As William battled to consolidate his rule in England, particularly in the troublesome north of the country, it was said that a heavily pregnant Matilda travelled some 200 miles to be with her husband and that their fourth child Henry was born just south of York in late 1068. The subsequent year saw further resistance in the north, culminating in William ordering a violent annihilation of entire villages and the burning of crops and herds. During this tumultuous time, he sent Matilda back to Normandy, where she again ruled in William’s stead, bringing up their children, issuing charters and attending Councils of State. In England, William continued to establish his rule, bestowing land and titles to Norman barons and encouraging them to raise fortified castles across the kingdom. By 1072, the conquest was more or less complete, largely at the expense of the Saxon population, who were savagely oppressed by the new Norman aristocracy.
In 1074, Matilda was briefly again made Queen Regent of Normandy, the same year that she and William lost their second son, Richard, in a hunting accident. In 1076, trouble flared between William and their eldest son, Robert, on whom Matilda doted but who proved a disappointment to his father, his short stature, ‘pot belly’ and fat legs earning him the unflattering moniker of Robert ‘Curthose’. Officially, Robert was Duke of Normandy, but he was frustrated by his father not granting him full autonomy, a resentment that broke out into open hostilities in 1078 as the King fought a three-week siege against Robert, during which father and son actually fought, with the King’s horse killed and his hand wounded. Not unsurprisingly, the feud greatly distressed Matilda, and it was soon discovered that she had been secretly sending Robert large sums of money, much to the fury of William. When he confronted Matilda, she stood her ground, pleading maternal devotion, for which William eventually forgave her: father and son were formally reconciled in 1080.
By the early 1080s, Matilda’s health was beginning to suffer and she died in November 1083, around the age of fifty-two. After thirty-three years of marriage, William was apparently inconsolable, some saying from thereon ‘he abandoned pleasure of every kind.’ Matilda was buried at the convent of the Holy Trinity at Caen. Her passing was mourned throughout France, and it was claimed she was ‘wept for by the English and the Normans for many years’. She had proved herself a most able ruler, one who wielded great power and influence in Normandy and England, who was by turns an ambitious consort, a wise counsel, a capable leader and doting mother – a queen who deserves much greater acclaim, for being both a powerful ally to William the Conqueror and ruler in her own right.
Born: 624 CE
Died: 705 CE
Some fifty miles northwest of the modern Chinese city of Xi’an, deep within Mount Liang, is the tomb of Empress Wu Zetian. There lies the remains of an Empress of China who ruled for more than fifty years during the Tang dynasty (610–907 CE), the only woman in 3,000 years of Chinese history to have sat on the Chinese throne as ruler in her own right.

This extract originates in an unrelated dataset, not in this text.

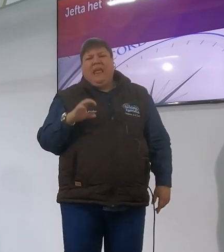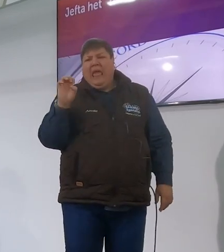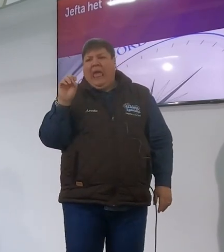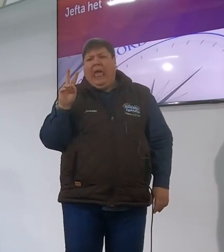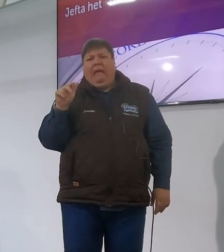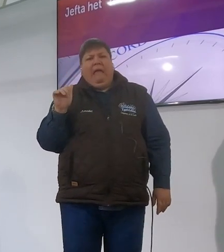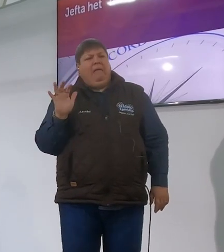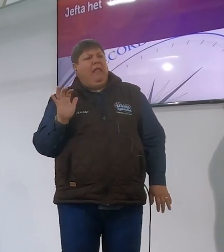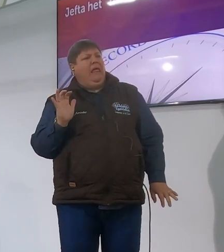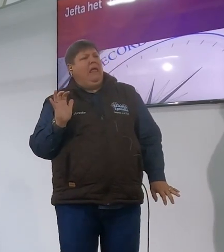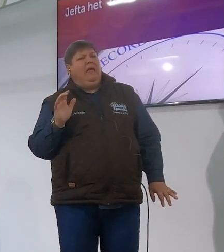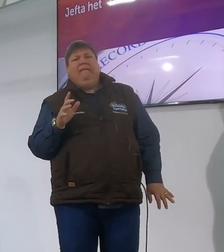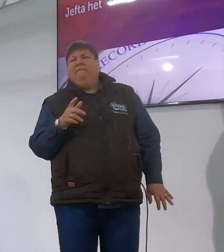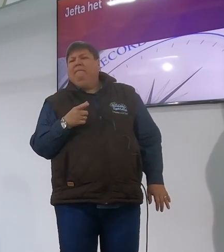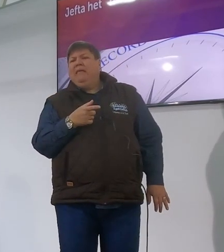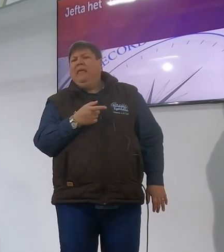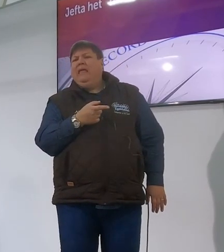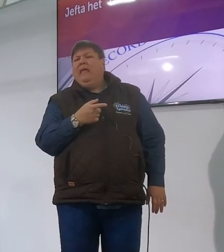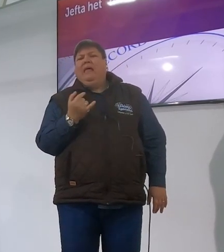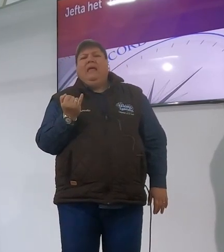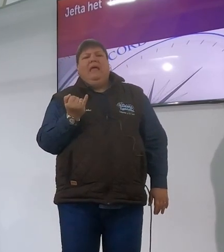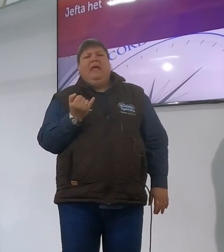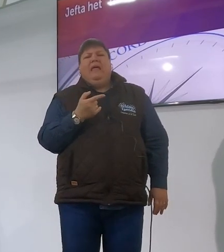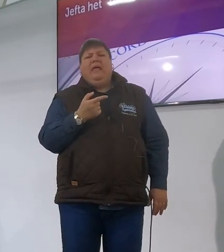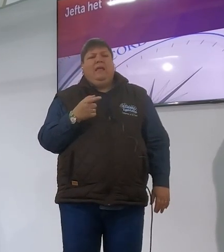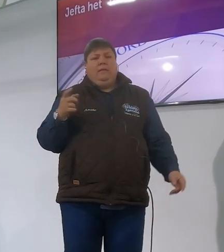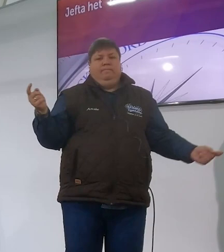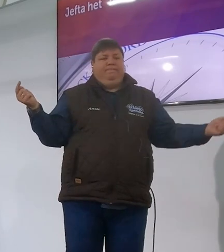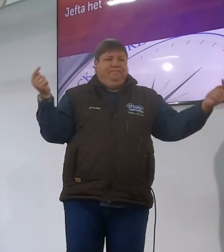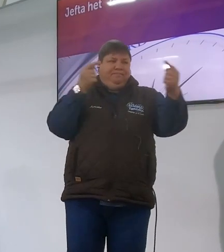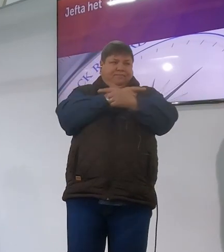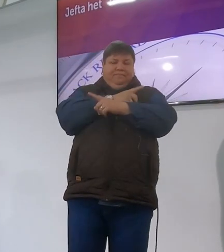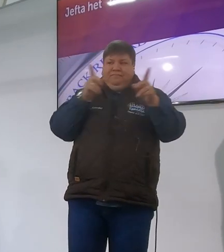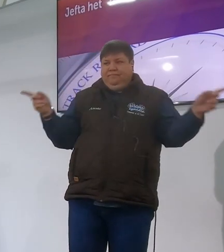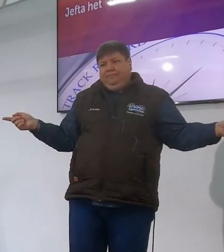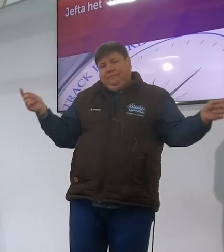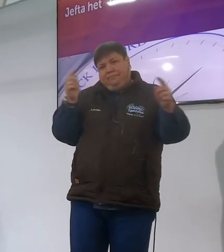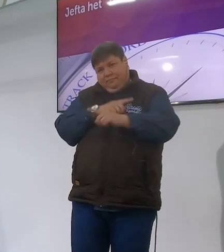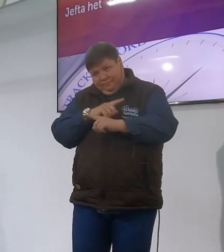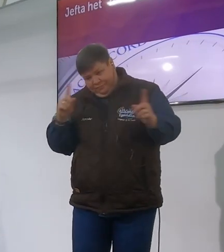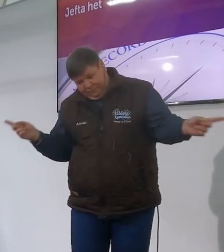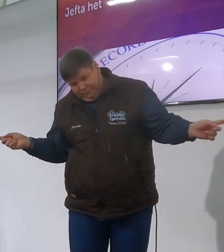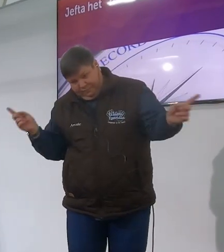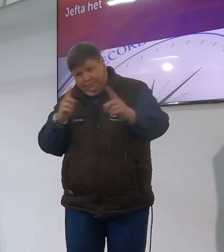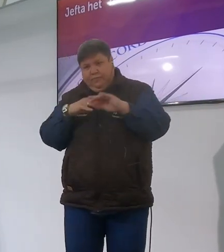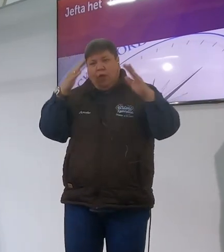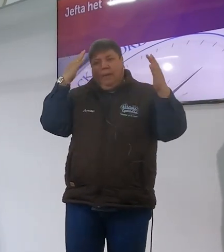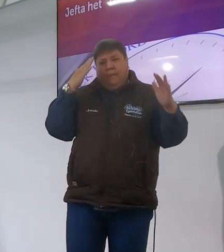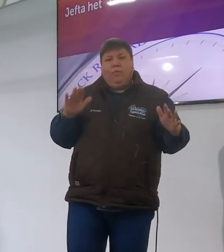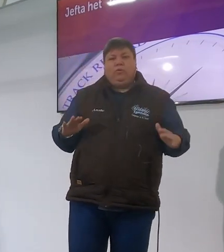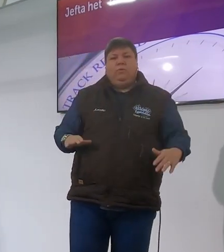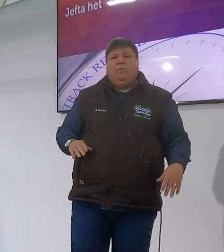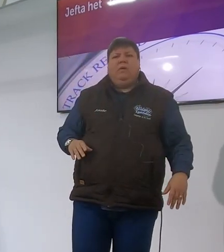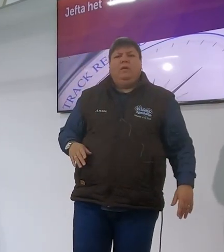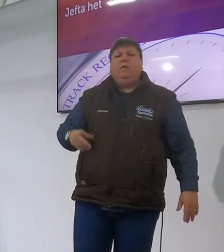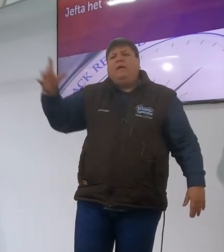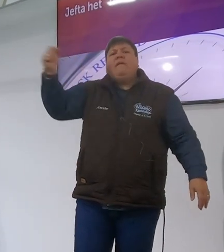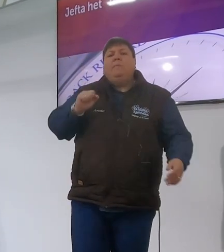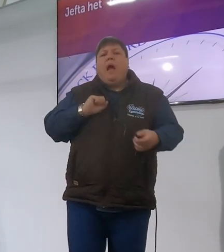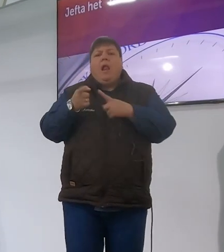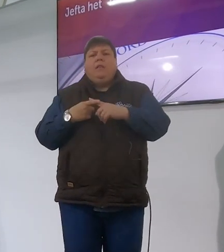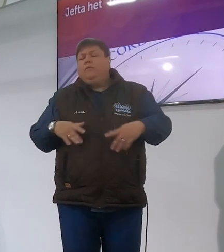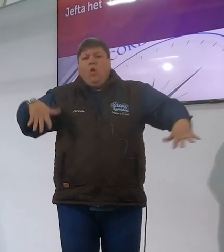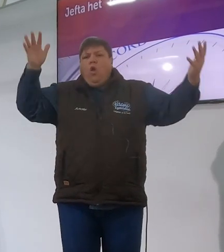waar kom jy nou vandaan hy sê ja en nou stuur hulle vir mykaar oor in weerbootskap hy sê toe moes is daai tyd in ons land gekomen toe vlat hulle som in my land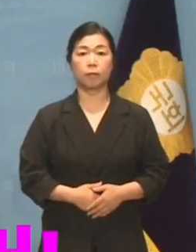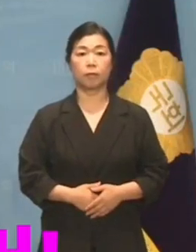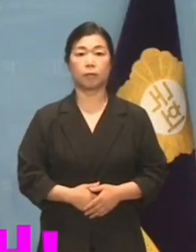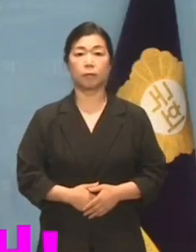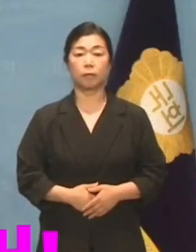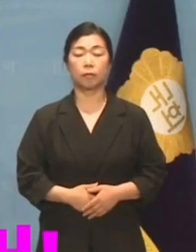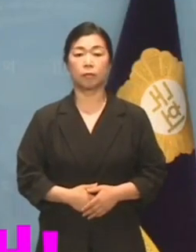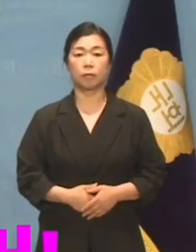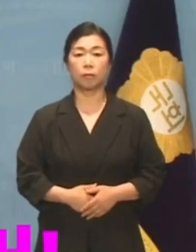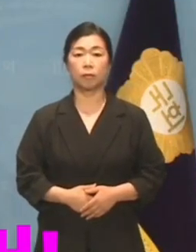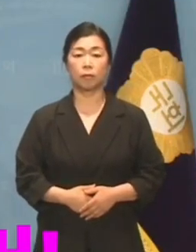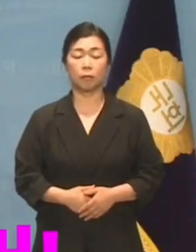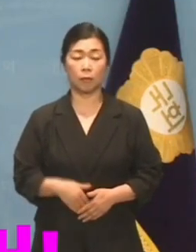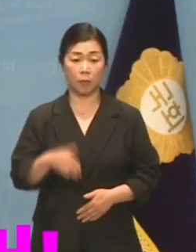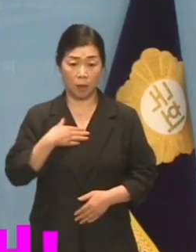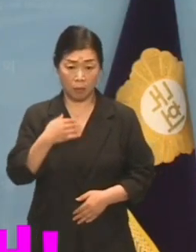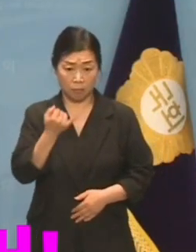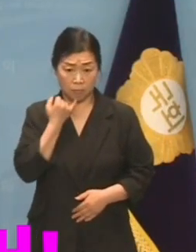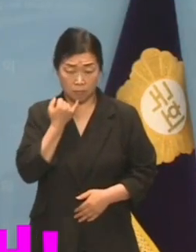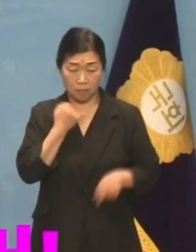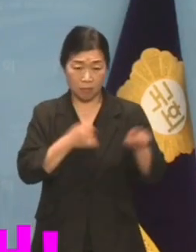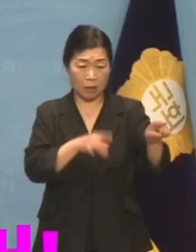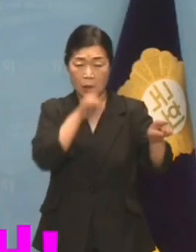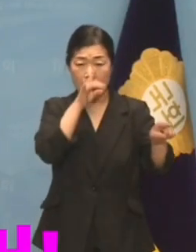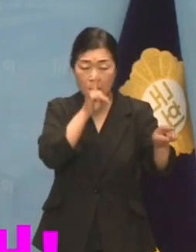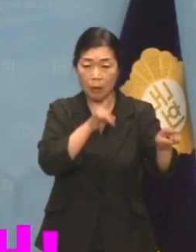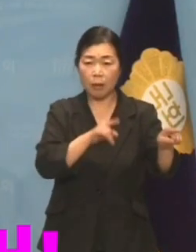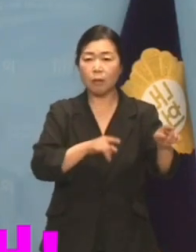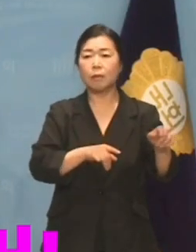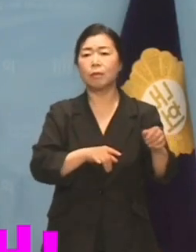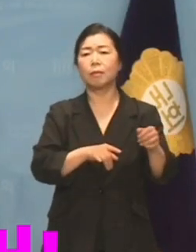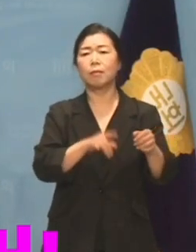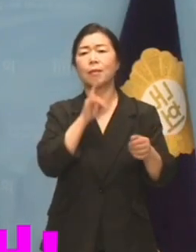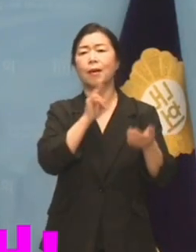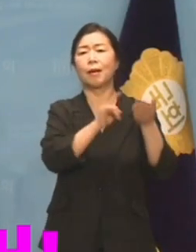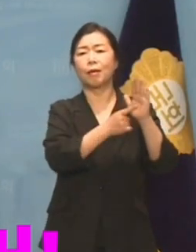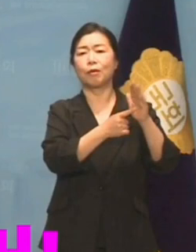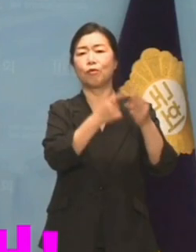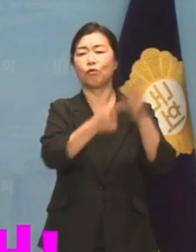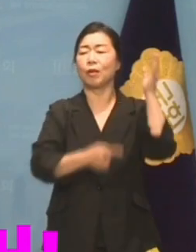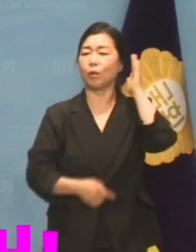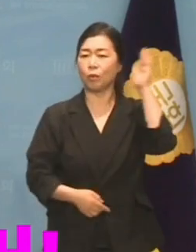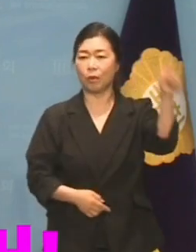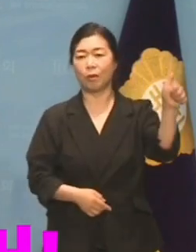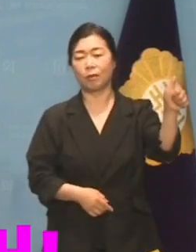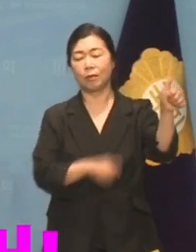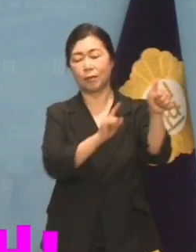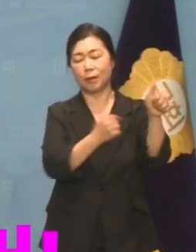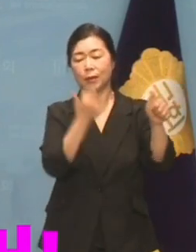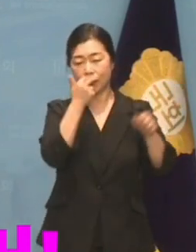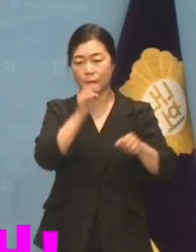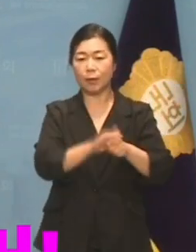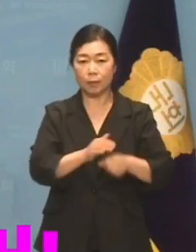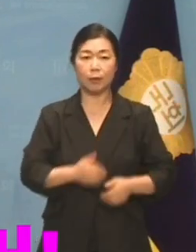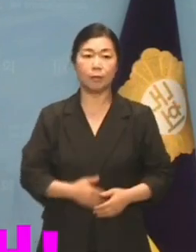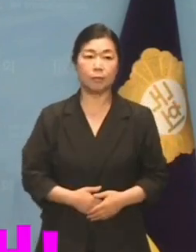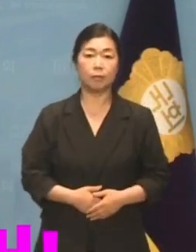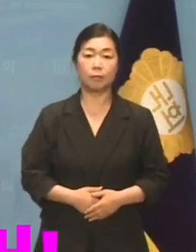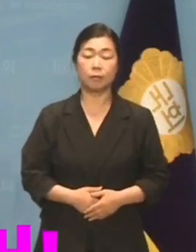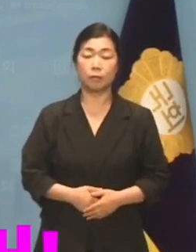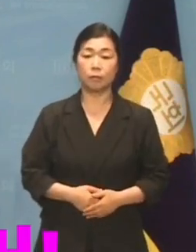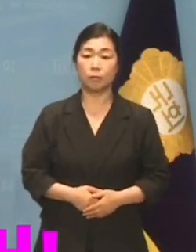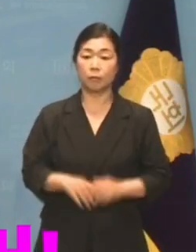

And yet the great memorial tablet that stands at the entrance to her tomb, erected during her lifetime so that her successors could compose the usual epitaph proclaiming her worthiness as empress, remains starkly blank. By contrast, the tablet that immortalises her husband, Emperor Gaozong, buried in the same mausoleum, carries the usual inscription recording his deeds as emperor, as composed by Wu Zetian to a husband whose death preceded hers by some twenty years.
The lack of inscription on Wu’s memorial, the only one of its kind, was clearly an attempt to obscure any record of Wu Zetian’s rule; she died and lies near to her husband but any other details are best forgotten. The omission also reflects how she was perceived by people around her and successors – in particular the Confucian hierarchy who deeply disapproved of her and the idea of any women having genuine power, deemed as unnatural as having a ‘hen crow like a rooster at daybreak’.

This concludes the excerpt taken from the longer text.